Post#117 » by pepe1991 » Sat Jun 1, 2019 4:33 pm

MagicMatic wrote:
pepe1991 wrote:Magic Matic has linear way of thinking when it comes to NBA development.
In reality, in my opinion, NBA there is no linear development at all any more.


Please enlighten me Pepe. What is my linear way of thinking?

Being in the middle of the pack in the nba is only acceptable if you are being carried by, or relying upon, young players with tremendous upside. If not, the ceiling is too low and you are missing either draft talent or Free agency draw. AG and JI are solid players that can contribute. However, they haven’t proven to be “carrying” the the team for the first statement to hold water. Especially if Vuc and Ross were the primary options offensively this season in contract years. There hasn’t been a window for this team to start pushing their chips in, and that’s because we haven’t had the chips to do it.

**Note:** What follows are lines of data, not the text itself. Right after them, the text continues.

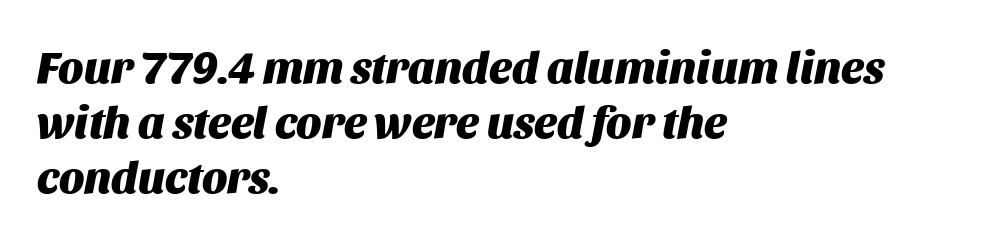
{"italic": "yes", "lean": "right", "slant_degrees": 11, "bold": "yes", "weight": "heavy", "width": "normal", "stroke_contrast": "medium", "x_height": "large", "monospaced": "no", "underline": "no", "align": "left", "line_spacing_ratio": 1.22, "letter_spacing": "normal", "letter_spacing_em": 0.0, "glyph_px": 45}
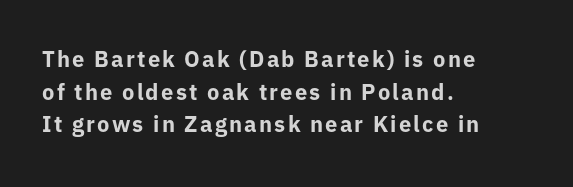
{"italic": "no", "bold": "yes", "underline": "no", "align": "left", "line_spacing": "normal", "line_spacing_ratio": 1.48, "glyph_px": 22}
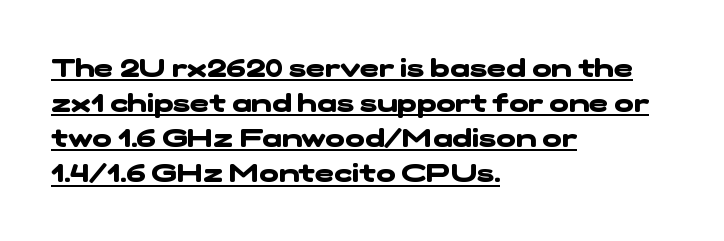
{"bold": "yes", "underline": "yes", "align": "left", "line_spacing": "normal", "line_spacing_ratio": 1.35, "letter_spacing": "normal", "letter_spacing_em": 0.0, "glyph_px": 26}
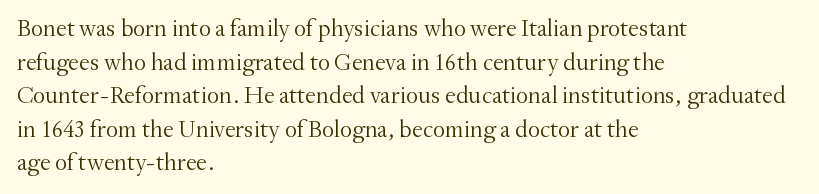
The image shows 24 px text type, upright; set left-aligned, normal line spacing (1.4x), normal letter spacing, not underlined.

That’s not a linear way of thinking. In so many words it just means “don’t be a treadmill team”. That still opens up a lot of possibilities for development and team building. It’s not some revolutionary idea.



it is.

You said it lot of times ( and i can find it and qoute you ) that you are fine with return to lottery just to build in right way. That's linear way of thinking.

Every team is in middle of nowhere until it becomes good. And if anything, we learned that most teams had to mortgage future in order to contend.
In your mind, at least what i can figure from your posts, teams like Raptors, who were in ECF in 2016, than got swept TWICE in a row in 2017 and 2018 IN SECOND ROUD, are theadmill teams and they should have enter their rebuilding around 2017. Because, according to your logic, they were wasting time. Not too good to win it all. Not too bad to be in lottery. That's what you preach for a year now.
By same logic Spurs blew it , they should have blow whole roster up in 2013, after they failed to win it all.


You also want no part of Ross or Vučević because, according to you they don't fit timeline. Yet, you also claim that Gordon, Isaac and Bamba are not good enough to win it all, so what is your timeline ? Imaginary situation where Magic will be back in lottery in 2020 and find Michael Jordan ?
Not to mention that Vučević and Ross are "old" according to you, yet younger or about same age as Curry, Durant, Harden, Klay, Cousins , Lebron, Leonard, Lowry, Gasol, Lillard, Westbrook, Goerge...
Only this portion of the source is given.